• **GOAL OF THE EXERCISE**:
Would you return the records below character for character, without any images?

Data items
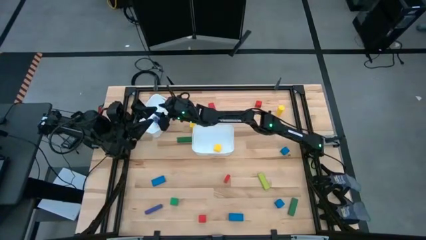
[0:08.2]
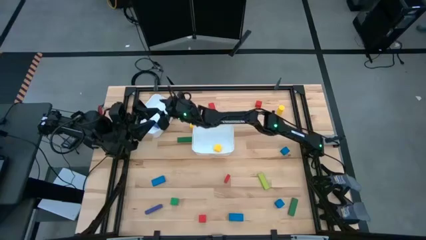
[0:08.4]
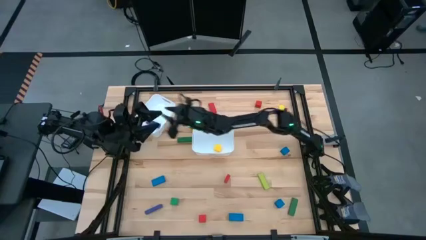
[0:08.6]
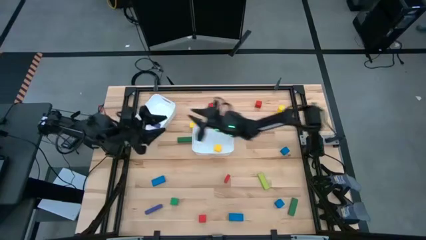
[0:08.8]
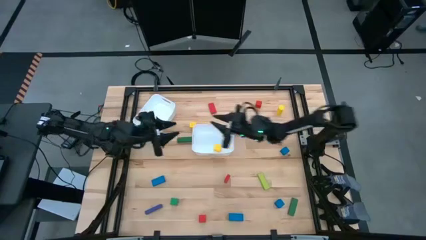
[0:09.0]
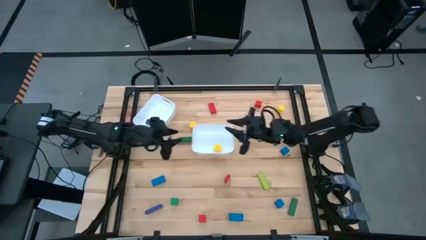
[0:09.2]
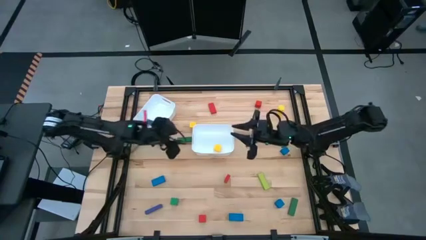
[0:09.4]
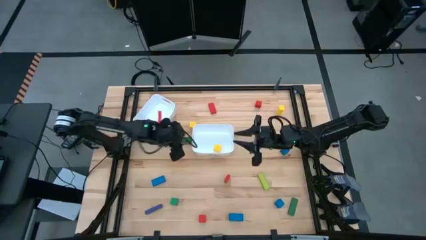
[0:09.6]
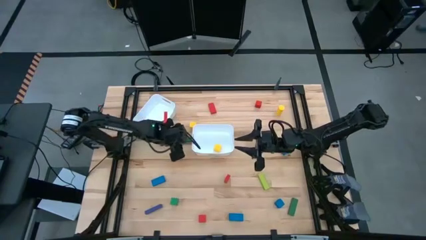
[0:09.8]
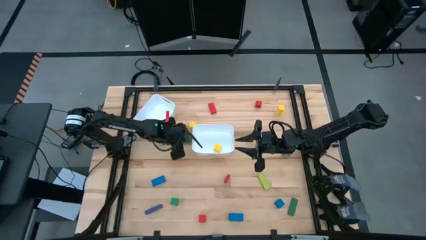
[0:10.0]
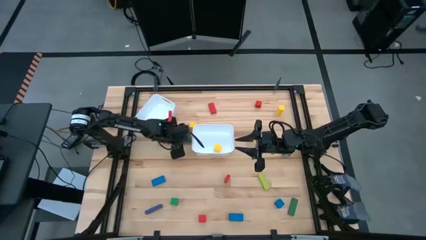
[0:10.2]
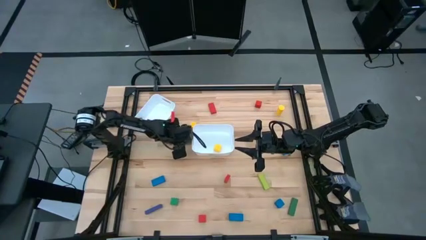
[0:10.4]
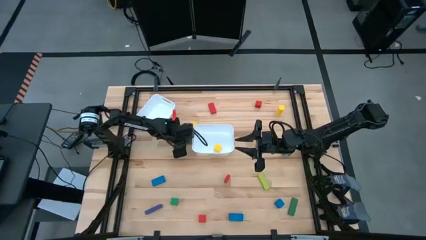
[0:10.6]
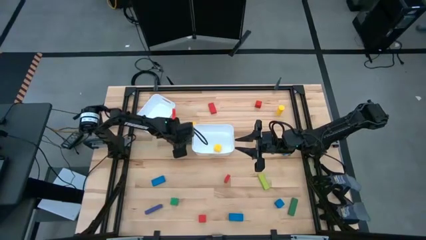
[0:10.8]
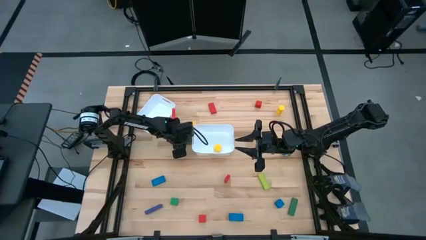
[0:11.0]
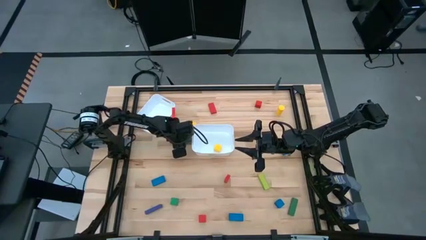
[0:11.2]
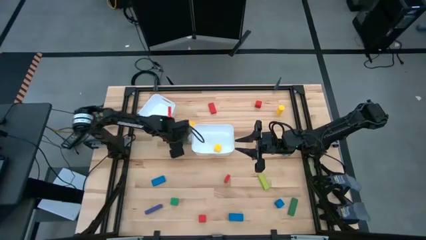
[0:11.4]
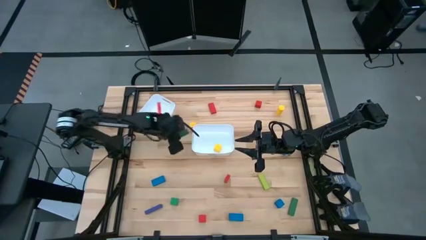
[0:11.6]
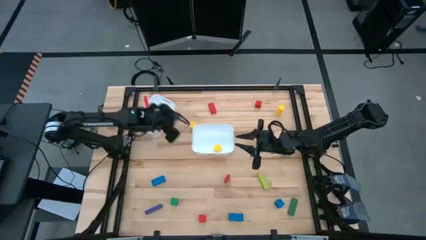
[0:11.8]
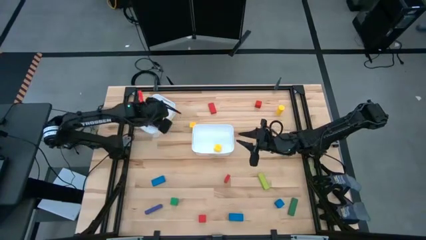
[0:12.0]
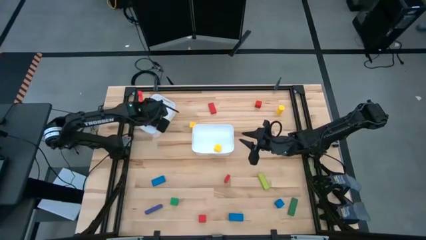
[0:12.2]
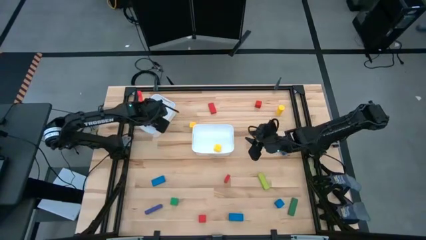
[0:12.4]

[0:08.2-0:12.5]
Task: Sort blocks by size
Put the top green large block into the top white bin

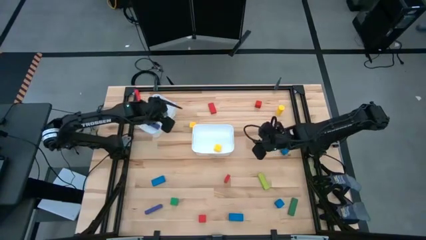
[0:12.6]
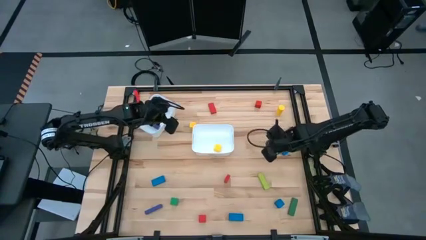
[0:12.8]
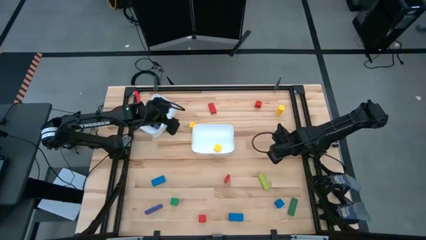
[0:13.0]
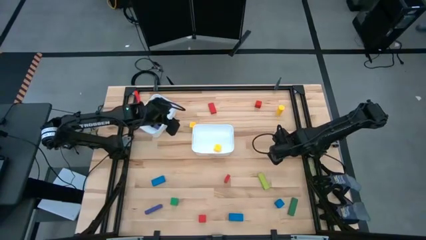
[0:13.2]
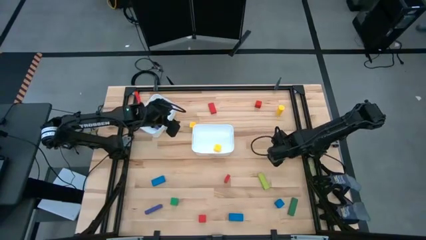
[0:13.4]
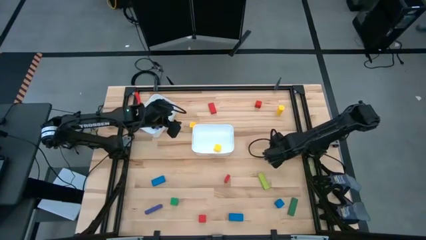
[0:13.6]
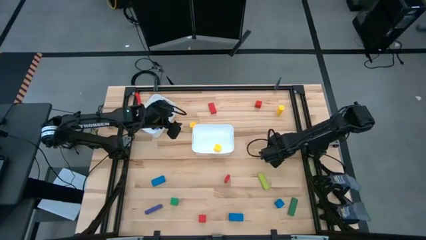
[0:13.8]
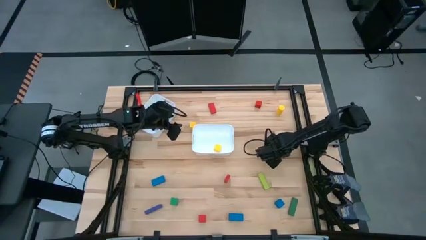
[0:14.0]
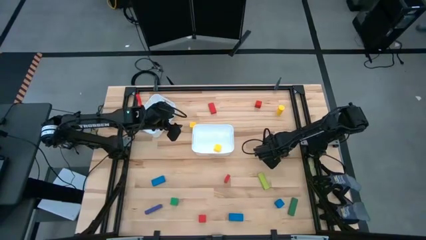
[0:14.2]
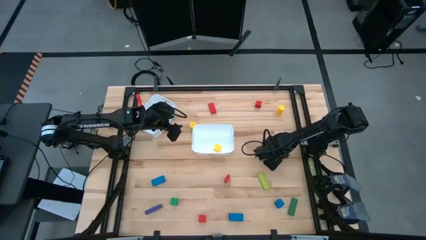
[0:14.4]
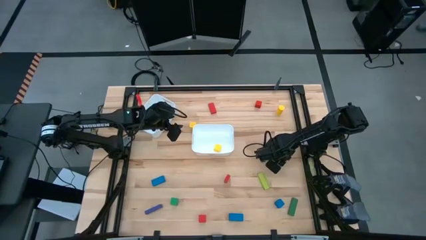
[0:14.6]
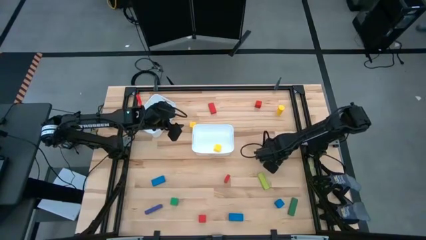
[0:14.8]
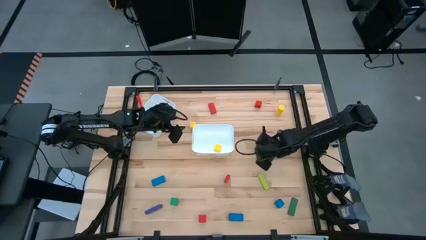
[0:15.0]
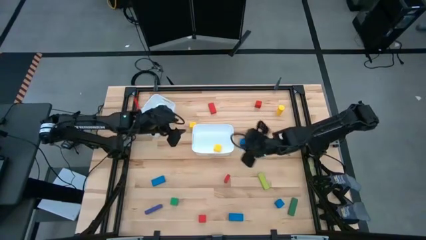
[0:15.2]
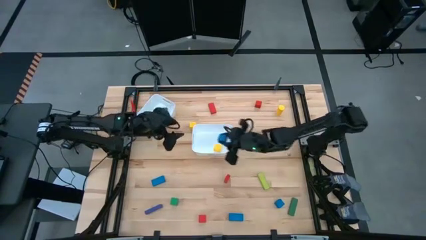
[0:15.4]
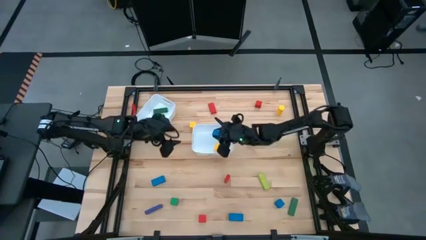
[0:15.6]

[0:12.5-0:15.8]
Put the top blue small block into the bottom white bin

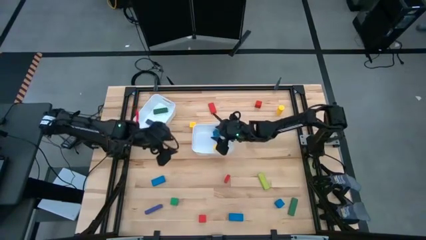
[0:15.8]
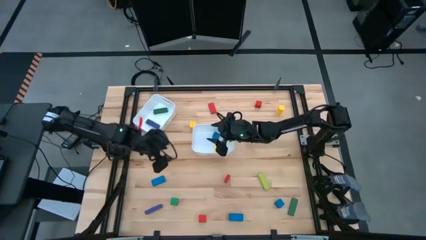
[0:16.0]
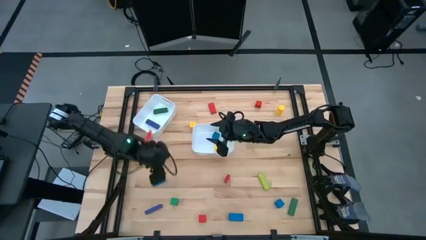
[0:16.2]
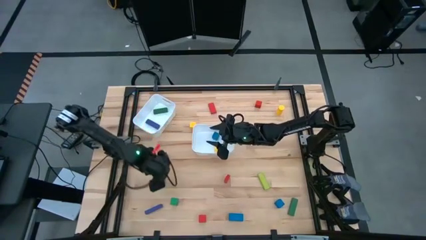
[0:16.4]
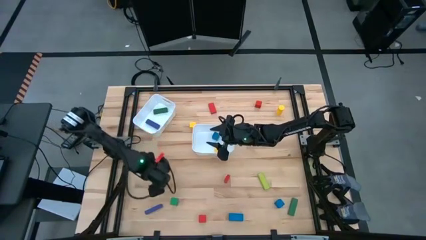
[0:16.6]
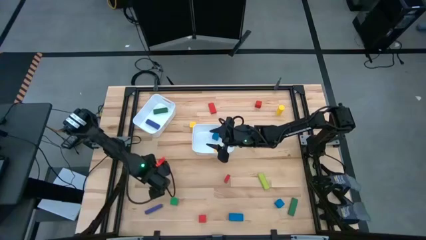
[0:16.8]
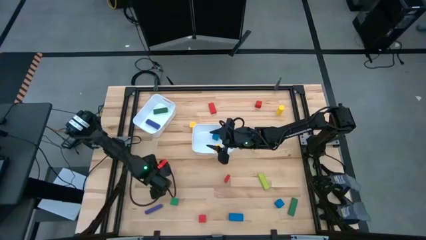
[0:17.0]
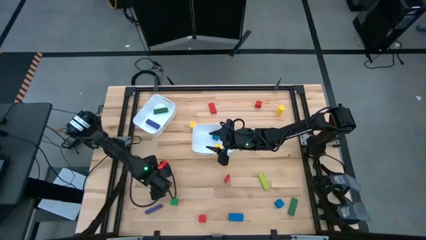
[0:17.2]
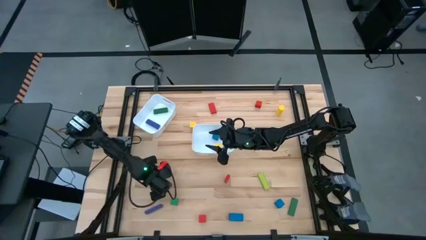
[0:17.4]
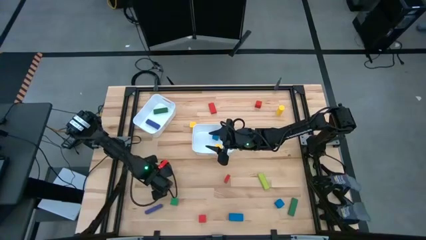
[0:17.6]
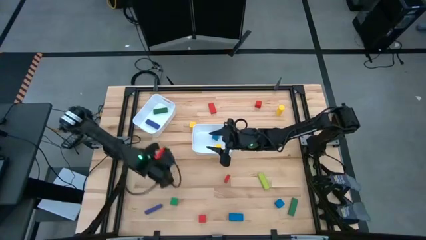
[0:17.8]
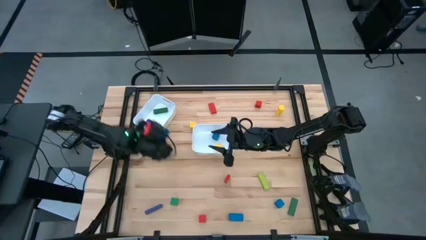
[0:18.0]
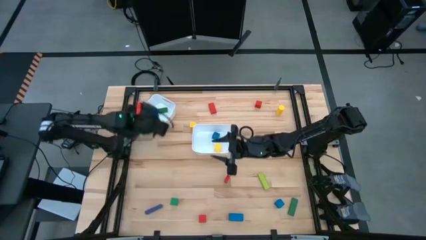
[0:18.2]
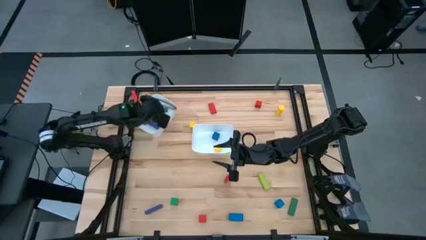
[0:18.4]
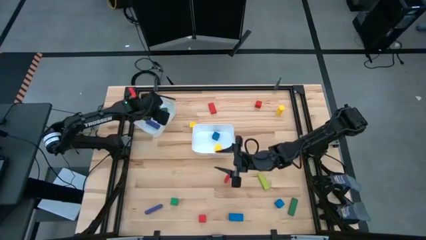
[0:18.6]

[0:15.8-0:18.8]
Put the top blue large block into the top white bin

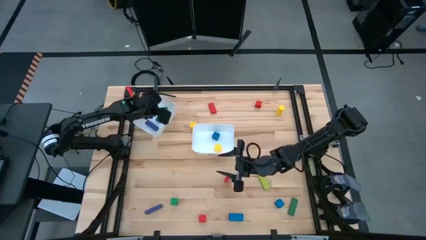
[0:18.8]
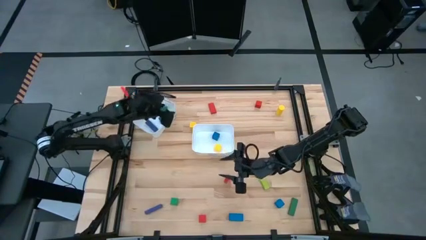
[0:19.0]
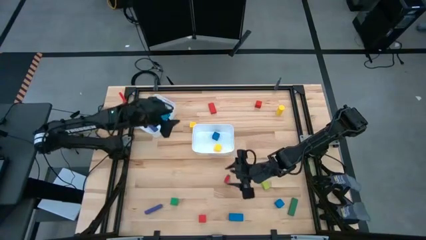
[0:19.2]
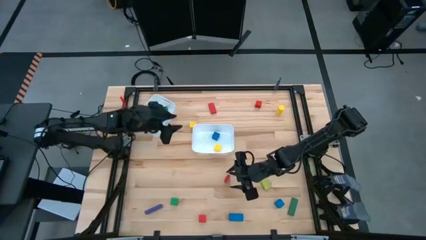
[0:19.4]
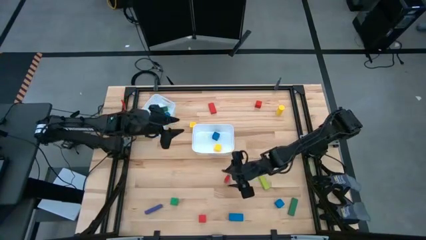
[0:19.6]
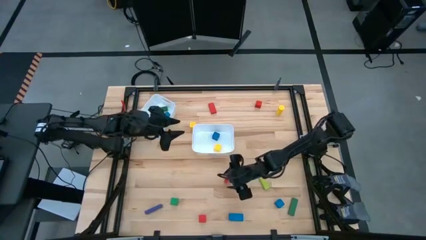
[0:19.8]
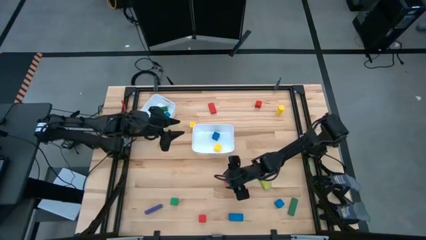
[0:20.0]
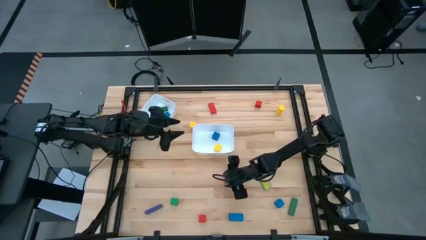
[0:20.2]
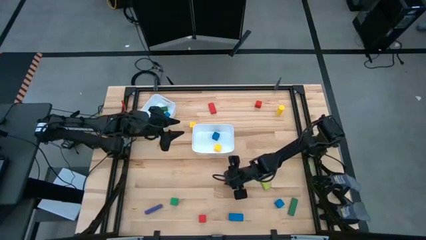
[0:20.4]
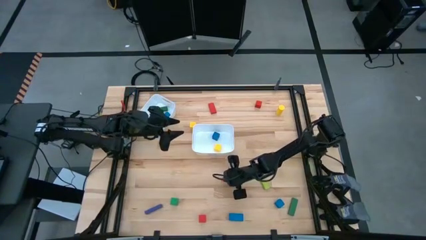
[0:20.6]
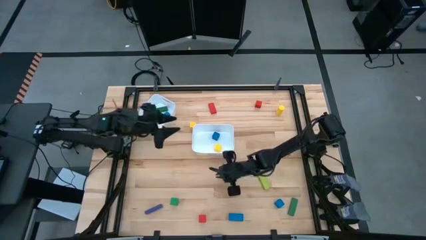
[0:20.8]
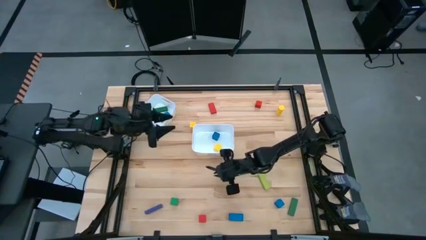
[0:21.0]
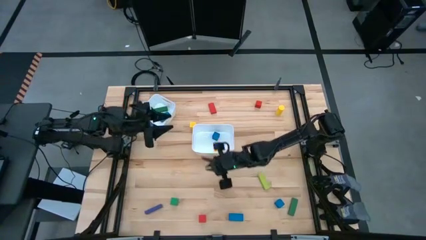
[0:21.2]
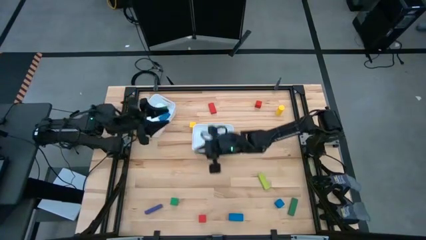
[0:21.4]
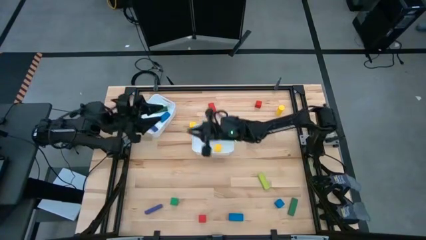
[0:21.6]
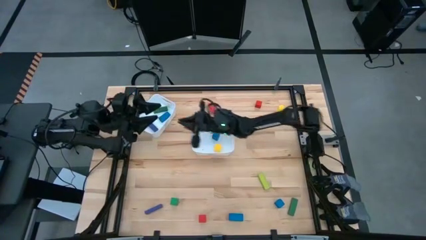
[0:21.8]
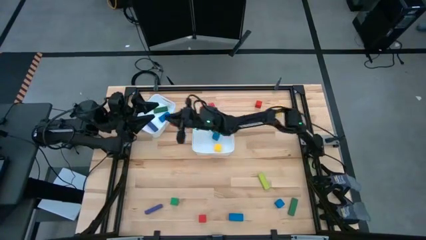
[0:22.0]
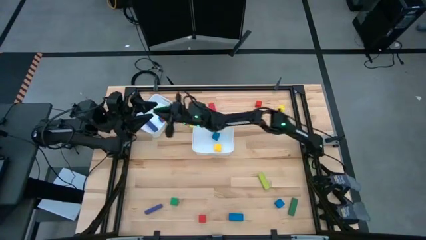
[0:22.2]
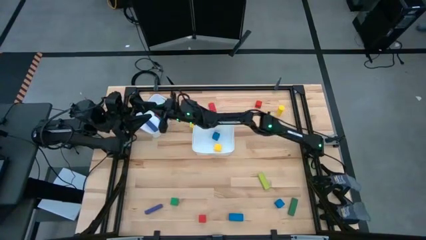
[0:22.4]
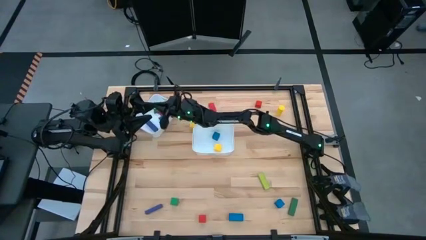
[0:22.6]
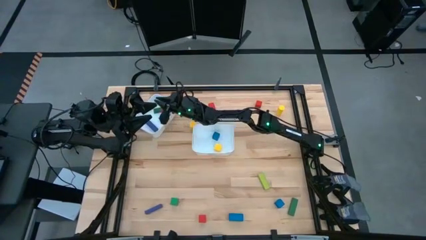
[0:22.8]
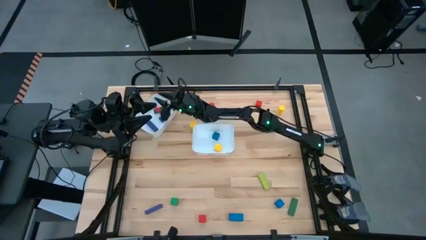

• **TASK SOLUTION**:
[0:08.2]
[0:08.4]
[0:08.6]
[0:08.8]
[0:09.0]
[0:09.2]
[0:09.4]
[0:09.6]
[0:09.8]
[0:10.0]
[0:10.2]
[0:10.4]
[0:10.6]
[0:10.8]
[0:11.0]
[0:11.2]
[0:11.4]
[0:11.6]
[0:11.8]
[0:12.0]
[0:12.2]
[0:12.4]

[0:08.2-0:12.5]
Task: Sort blocks by size
Put the top green large block into the top white bin

[0:12.6]
[0:12.8]
[0:13.0]
[0:13.2]
[0:13.4]
[0:13.6]
[0:13.8]
[0:14.0]
[0:14.2]
[0:14.4]
[0:14.6]
[0:14.8]
[0:15.0]
[0:15.2]
[0:15.4]
[0:15.6]

[0:12.5-0:15.8]
Put the top blue small block into the bottom white bin

[0:15.8]
[0:16.0]
[0:16.2]
[0:16.4]
[0:16.6]
[0:16.8]
[0:17.0]
[0:17.2]
[0:17.4]
[0:17.6]
[0:17.8]
[0:18.0]
[0:18.2]
[0:18.4]
[0:18.6]

[0:15.8-0:18.8]
Put the top blue large block into the top white bin

[0:18.8]
[0:19.0]
[0:19.2]
[0:19.4]
[0:19.6]
[0:19.8]
[0:20.0]
[0:20.2]
[0:20.4]
[0:20.6]
[0:20.8]
[0:21.0]
[0:21.2]
[0:21.4]
[0:21.6]
[0:21.8]
[0:22.0]
[0:22.2]
[0:22.4]
[0:22.6]
[0:22.8]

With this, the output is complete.